##### Dataset

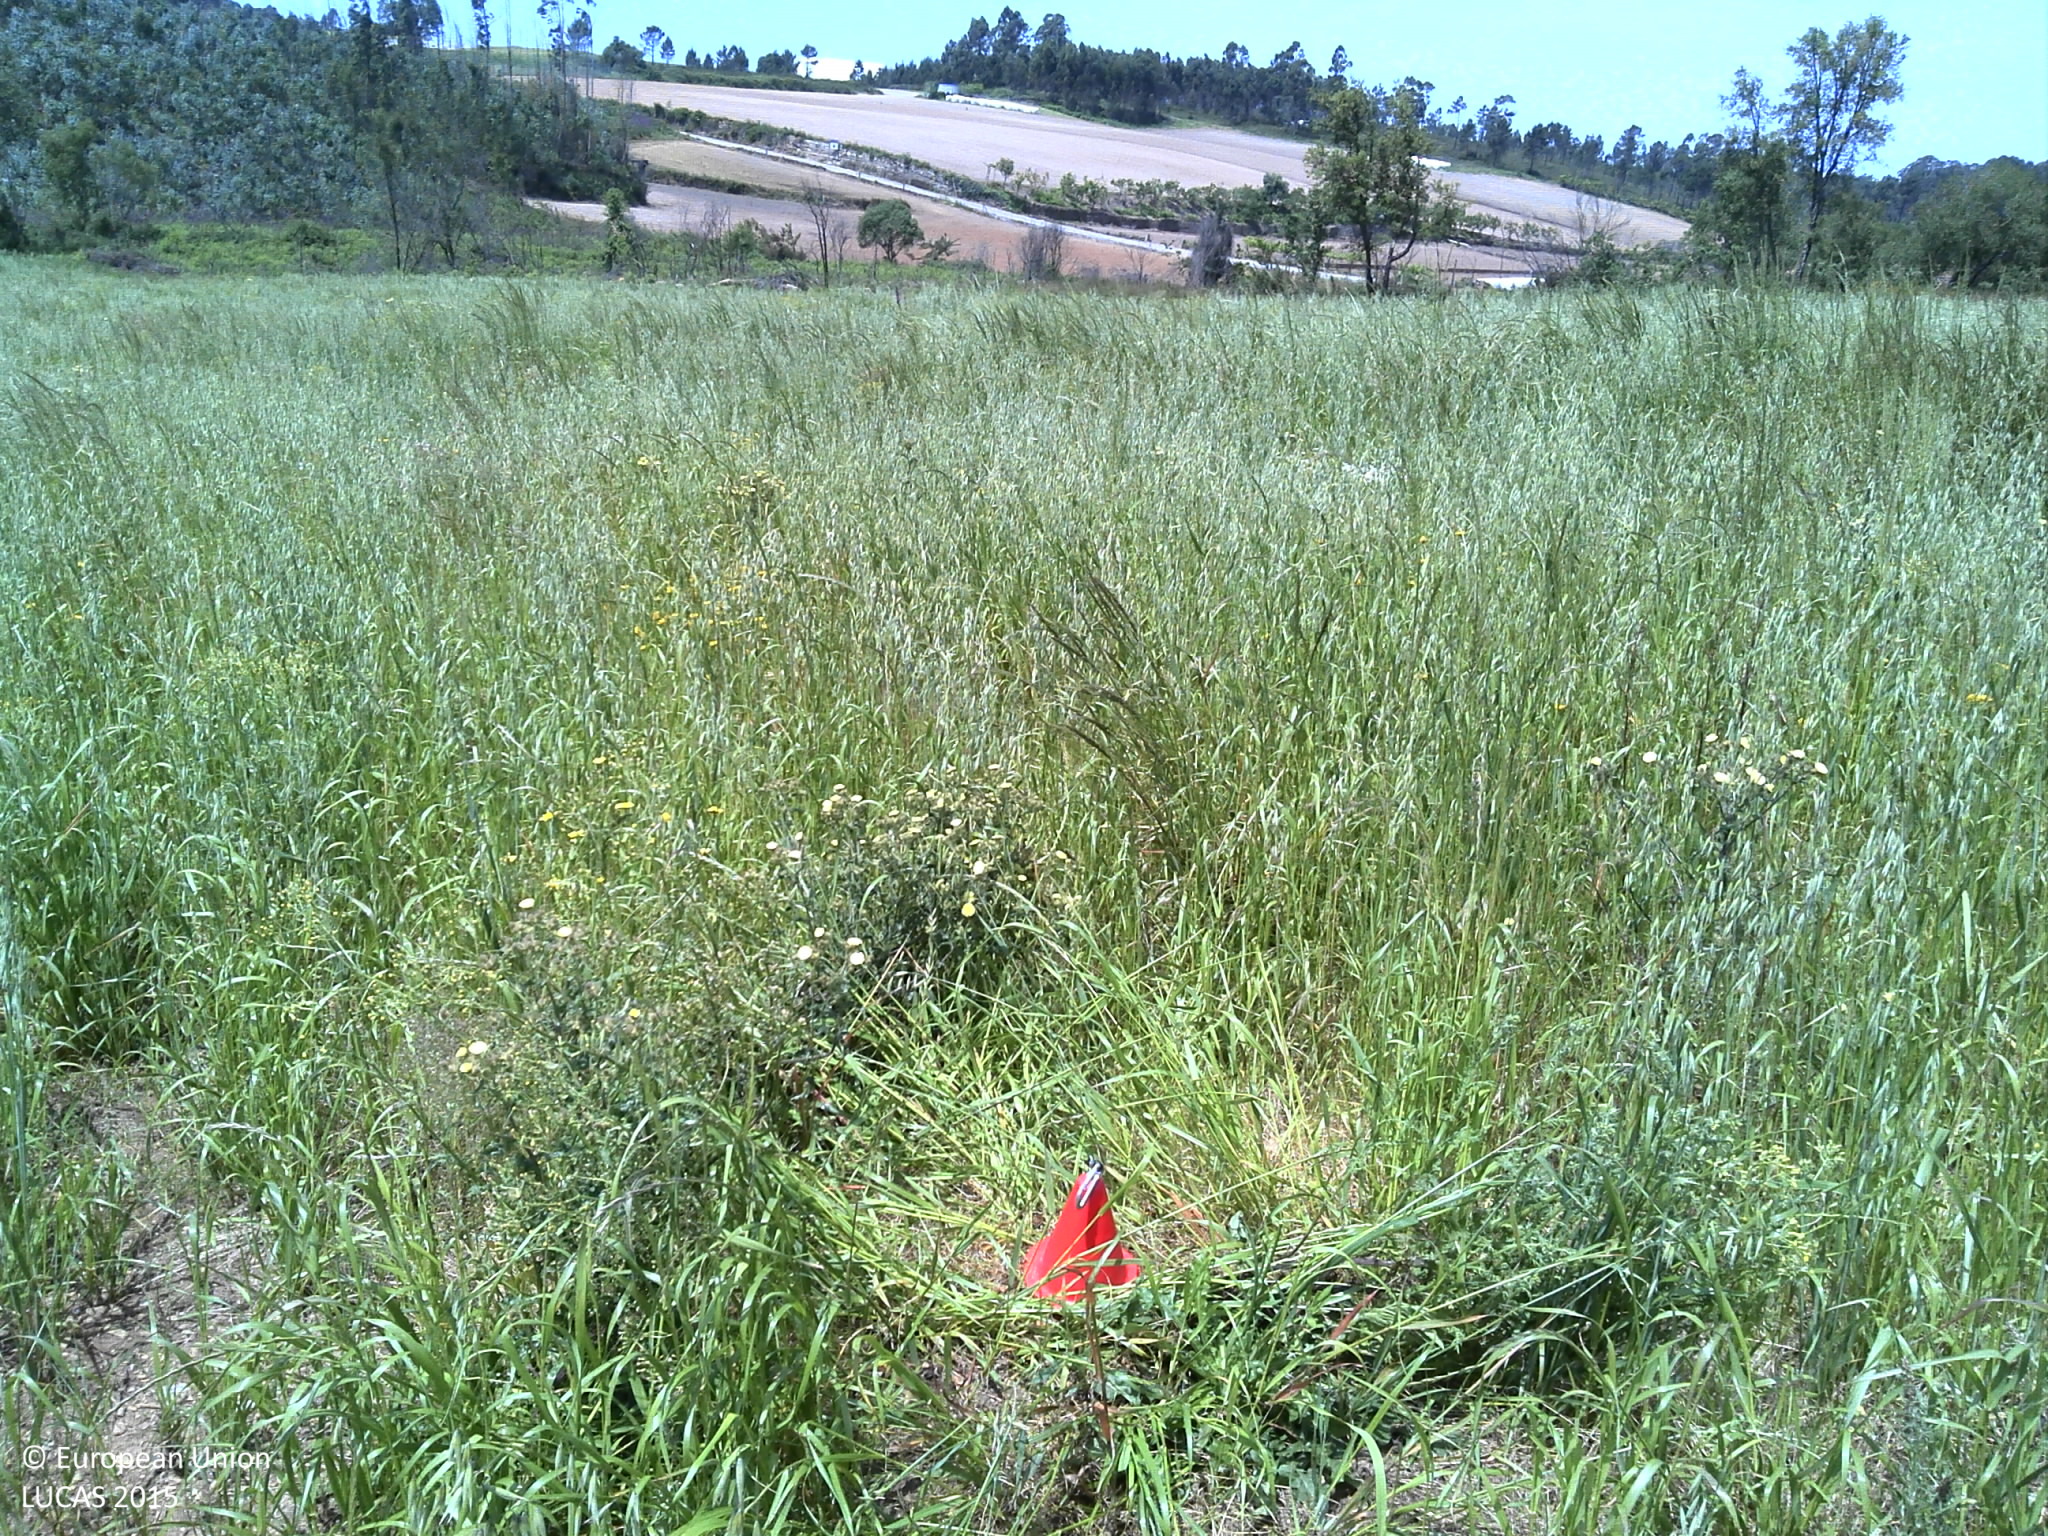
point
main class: Cropland
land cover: Mixed cereals for fodder
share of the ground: > 75 %
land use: Agriculture (excluding fallow land and kitchen gardens)
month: May
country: PT
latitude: 41.4483
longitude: -8.7019
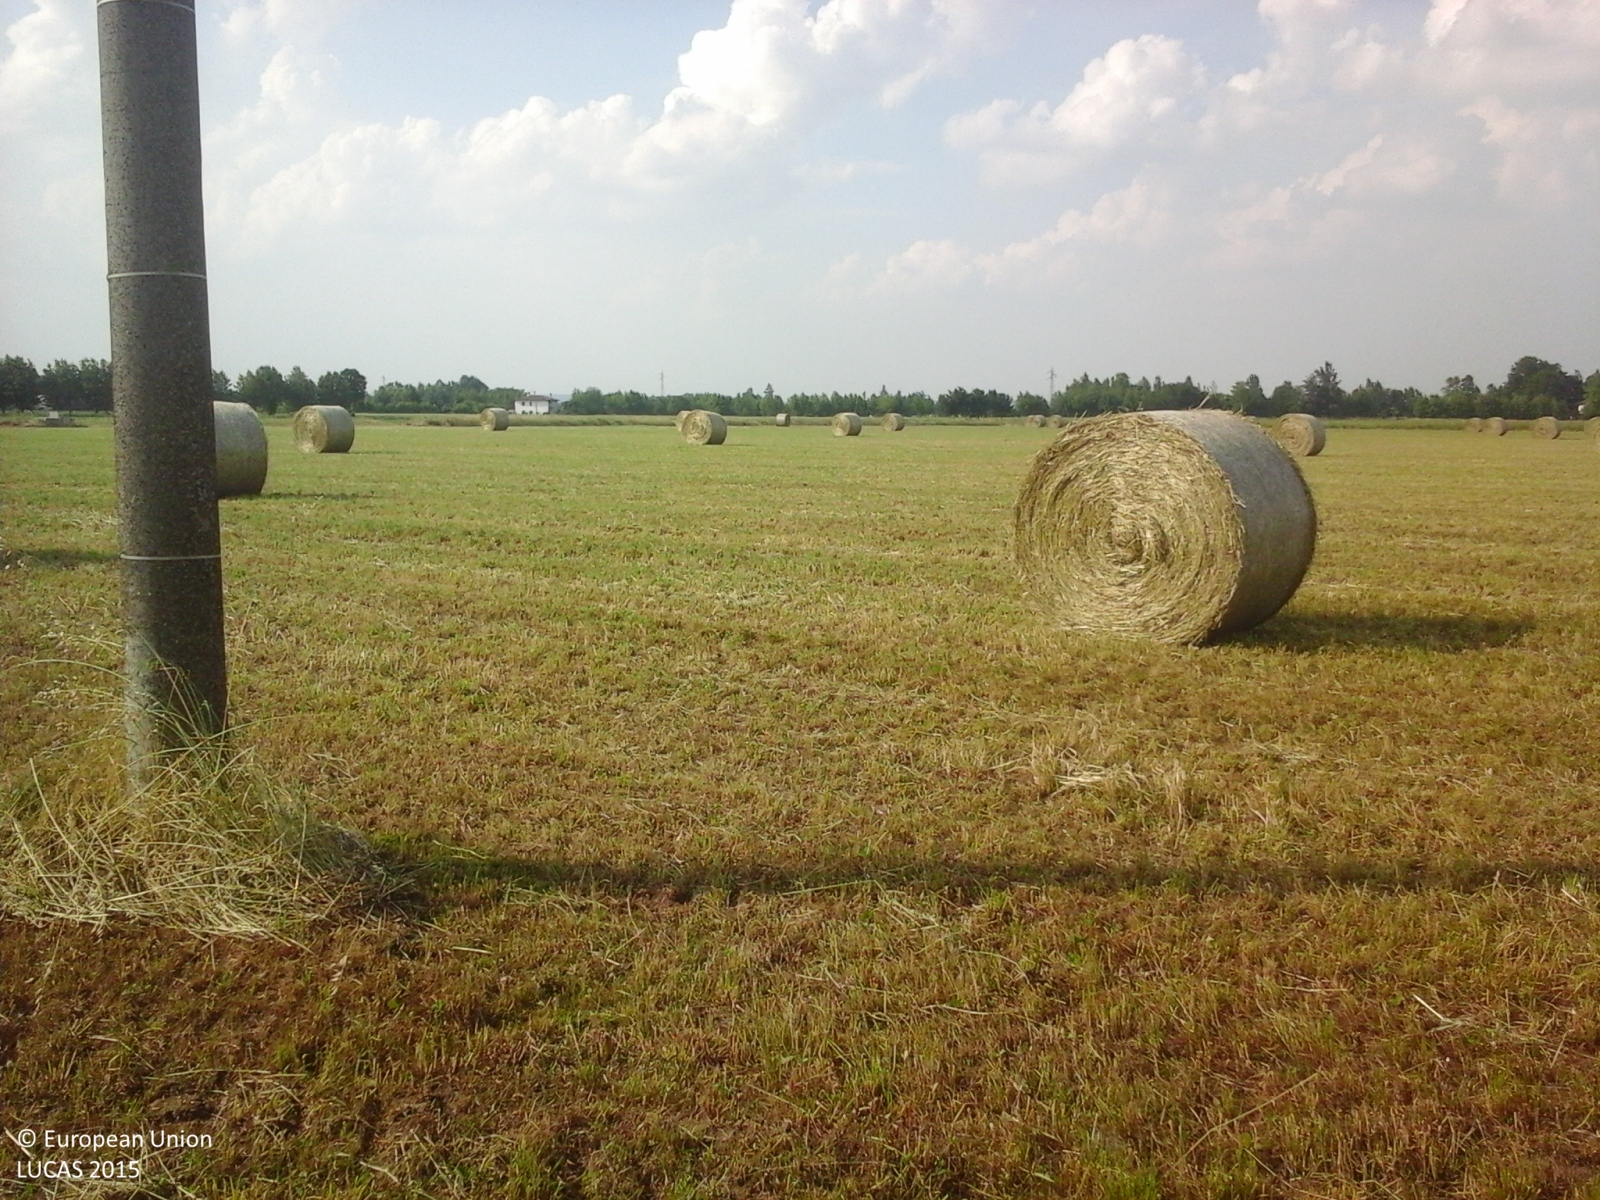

##########

Work instructions: What is needed here is an exact transcription of every record above, with images excluded.

Response:
point
main class: Cropland
land cover: Mixed cereals for fodder
share of the ground: > 75 %
land use: Agriculture (excluding fallow land and kitchen gardens)
month: May
country: PT
latitude: 41.4483
longitude: -8.7019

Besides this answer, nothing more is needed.